Grinning, Sin folded her hands over her abs. “He got one over on you, didn’t he? Must have pissed you the hell off.”
It had. Up until the point where he’d given her the most intense orgasm of her life. “Of course not. I let him restrain me.”
“Right.” Sin raked her gaze over Idess. “You so look like you’re into bondage.”
“How else do you explain his trying to keep you from killing me?”
Sin narrowed her eyes. “Cut the shit. What was going on? I know you’re protecting Kynan, so why not just kill Lore?”
“That’s a good question.” Eidolon strode into the room, and Sin leaped to her feet. Idess fought the urge to do the same, even though she knew Lore was out of danger. “He’s going to be fine, Sin.” He sounded better than he had when he was with Shade, but he looked worse. From his wildly grooved hair that spoke of a lot of fingers raking through it, to the dark circles under his eyes and his rumpled clothes, he was a mess. “And you,” he said to Idess. “What’s going on?”
There was no point in lying. Lore knew the truth, and maybe if she got on Sin and Eidolon’s good sides—assuming Sin had a good side—she’d get some help. Earn some trust.
“I have to protect him,” she said, meeting Eidolon’s gaze levelly. “He’s Primori like Kynan.”
“I don’t understand this Primori thing,” Sin said. “But right now, I don’t care. I need to see him.” She started past Eidolon, but he caught her by the arm, and Idess wondered if Sin’s Seminus power killed as the nurse had said Lore’s did.
“Out of the question. He’s recovering and needs rest.”
“Fuck you.” Sin jerked out of his grip. “I’m going to see him.”
“Sin.” Eidolon’s voice cracked like thunder in the small room. “You can’t.”
Idess’s heart stuttered. “This isn’t about his recovery, is it?”
“What’s she talking about?” Sin demanded.
“They’re going to keep him here,” Idess said, speaking to Sin but not taking her gaze off Eidolon. “Restrained. And you can’t see him because he’s afraid you’ll set him free. Isn’t that right, doctor?”
Sin settled into a fighting stance, fists clenched, body leaning aggressively forward. “You bastard.”
“I don’t have a choice, Sin.” Eidolon rubbed his eyes with one hand, working his fingers and thumb so hard Idess expected to see blood. “We’ll work something out. Just give me a day to talk to him. Think this through. We’ll come up with a plan that works for all of us.”
Idess stood. “Let’s give him twenty-four hours.” She squeezed Sin’s shoulder and hoped she’d get the message.

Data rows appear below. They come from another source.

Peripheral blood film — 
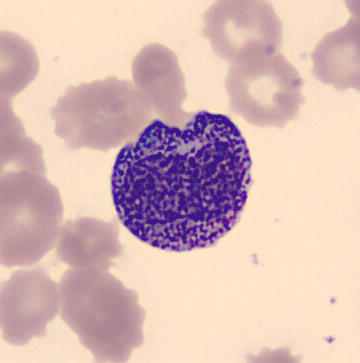{"cell_type": "myelocyte", "lineage": "myeloid"}
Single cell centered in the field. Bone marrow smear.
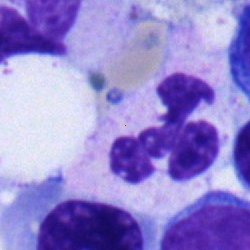
Cell type: polymorphonuclear neutrophil.
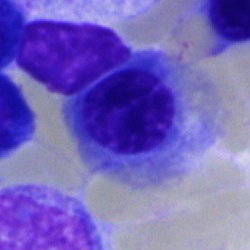Specimen: bone marrow aspirate smear.
Cell type: nucleated red cell.
Lineage: erythroid.
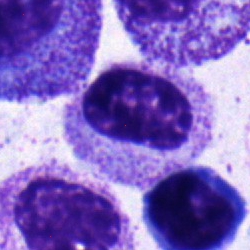The cell shown is a metamyelocyte.
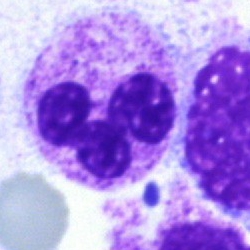
Morphology consistent with a polymorphonuclear neutrophil.
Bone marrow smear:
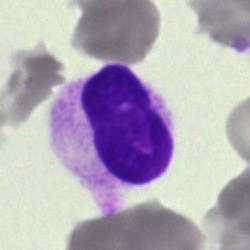

Classification — artefact.
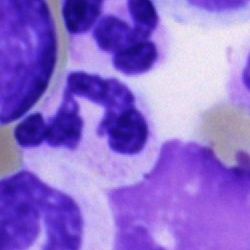
Specimen: bone marrow aspirate smear.
Classification: segmented neutrophil.
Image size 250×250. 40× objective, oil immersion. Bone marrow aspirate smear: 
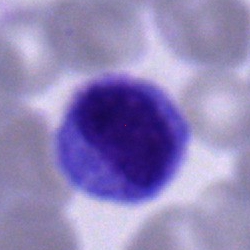

Morphology — metamyelocyte.
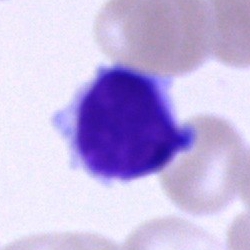

This is a typical lymphocyte.
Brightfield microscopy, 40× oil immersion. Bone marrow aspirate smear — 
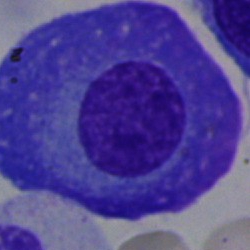 {"cell_type": "plasma cell", "lineage": "lymphoid"}
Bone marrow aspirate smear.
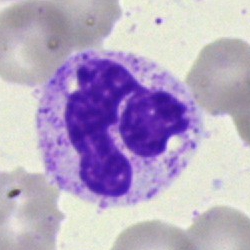 Classification: neutrophil (segmented).
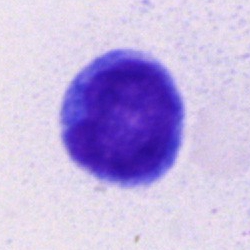Cell = monocyte.
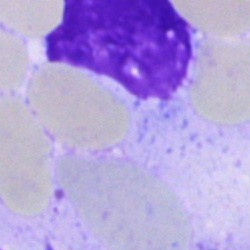Morphological class — artifact.
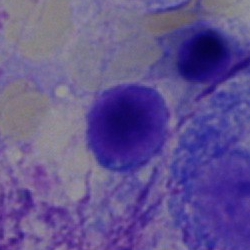Specimen: bone marrow smear.
Morphological class: lymphocyte.
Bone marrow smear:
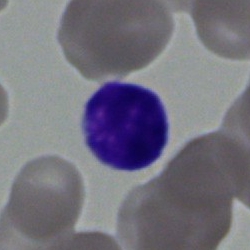Cell type: lymphocyte.
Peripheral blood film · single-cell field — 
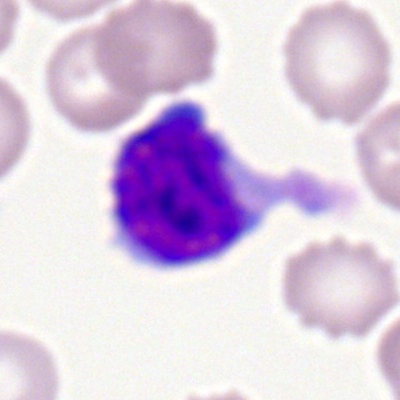

Specimen: peripheral blood film.
Classification: typical lymphocyte.
Lineage: lymphoid.
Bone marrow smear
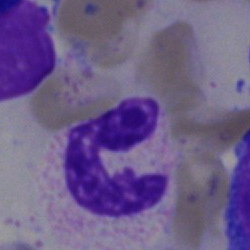
Specimen: bone marrow smear.
Morphological class: segmented neutrophil.
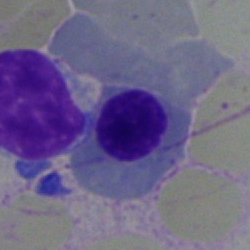
{"cell_type": "nucleated red cell", "lineage": "erythroid"}
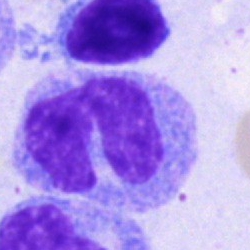
Specimen: bone marrow aspirate smear.
Cell: monocyte.
Lineage: myeloid.
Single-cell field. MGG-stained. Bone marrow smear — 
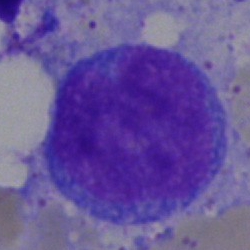 Morphology — pronormoblast.

Humor him.
“Fine,” Sin growled. “But at the end of the day, you had better set him free.” She wrenched away from Idess and slammed out of the room, leaving Idess alone with Eidolon, who stared at the door.
“This is a fucking nightmare,” he muttered.
“You feel like you’ve betrayed your brothers.”
He swung around to her. “I haven’t betrayed anyone.”
“That’s not how Shade sees it.” Out of nowhere, Idess pictured Rami and wondered if he knew what she’d done. Did he understand, or was he as furious as Shade?
“What do you know about that?”
“I overheard you arguing in the hall.”
Eidolon’s vile curse accompanied a violent adjustment of the stethoscope around his neck. “Shade doesn’t get it. No one has to die.”
“But you’ve still lost a brother.” Emotion made her voice rough, and she recognized that same misery in the demon doctor’s eyes. “I’m sorry. I know what it’s like to fight to keep a brother, and then lose him anyway.”